(EXERCISE)
Reproduce, exactly as they appear, the line containing "main class: Grassland" and every line after it, ending with the last line of the records.

(GIVEN INFORMATION)

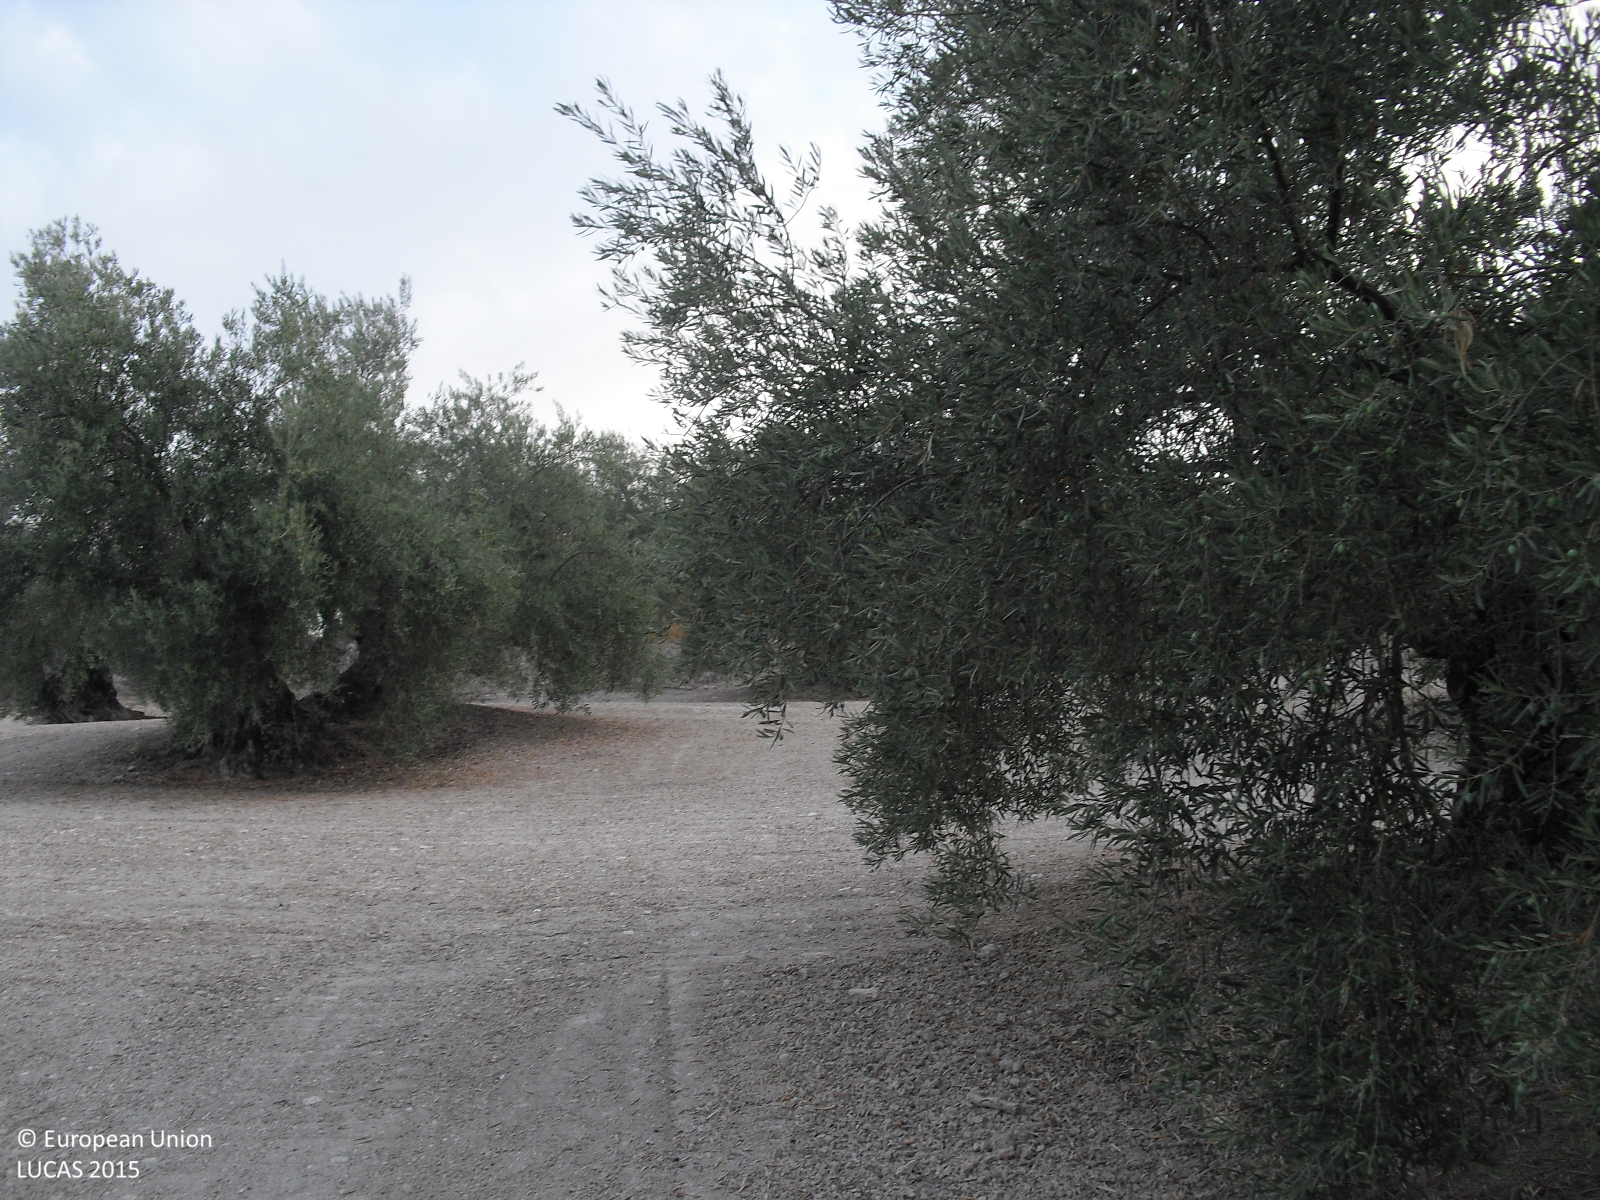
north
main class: Cropland
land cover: Olive groves
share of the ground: 25 - 50 %
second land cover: Other bare soil
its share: > 75 %
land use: Agriculture (excluding fallow land and kitchen gardens)
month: August
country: ES
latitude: 37.2984
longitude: -4.3374
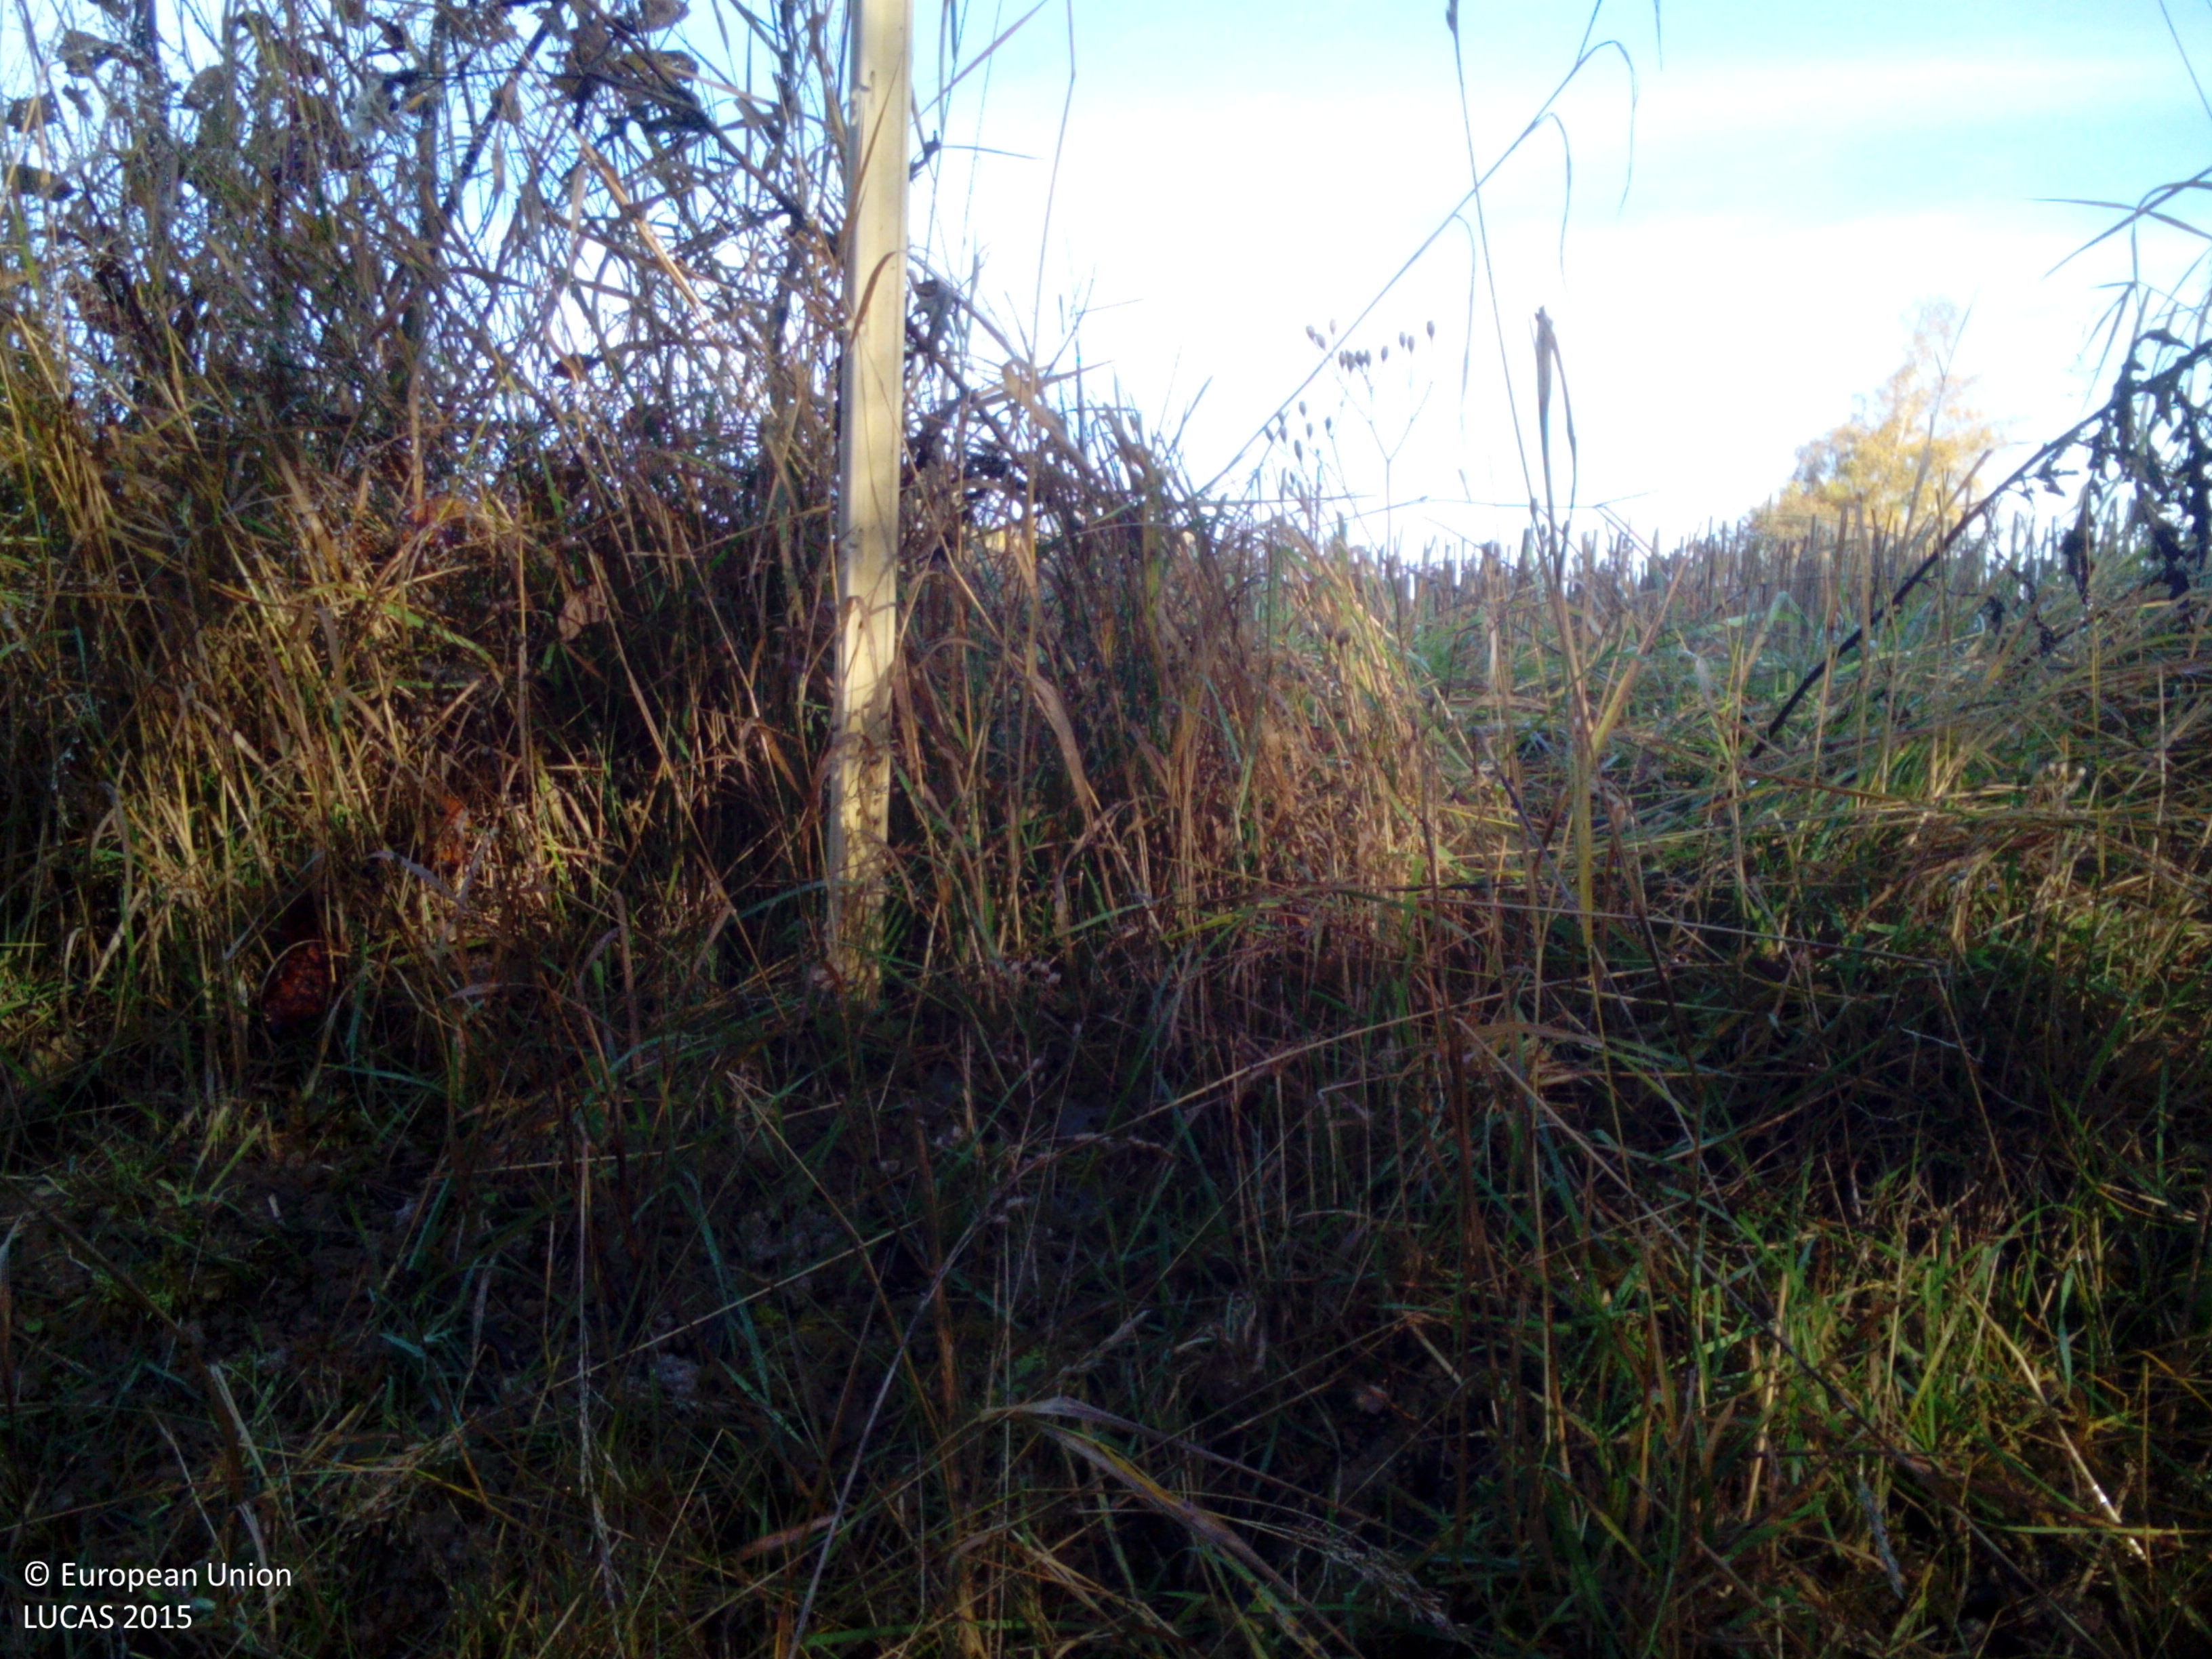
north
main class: Grassland
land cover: Grassland without tree/shrub cover
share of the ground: > 75 %
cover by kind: herbaceous plants 100 %
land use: Agriculture (excluding fallow land and kitchen gardens)
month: October
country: SE
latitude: 59.0831
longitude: 16.2929

(EXERCISE SOLUTION)
main class: Grassland
land cover: Grassland without tree/shrub cover
share of the ground: > 75 %
cover by kind: herbaceous plants 100 %
land use: Agriculture (excluding fallow land and kitchen gardens)
month: October
country: SE
latitude: 59.0831
longitude: 16.2929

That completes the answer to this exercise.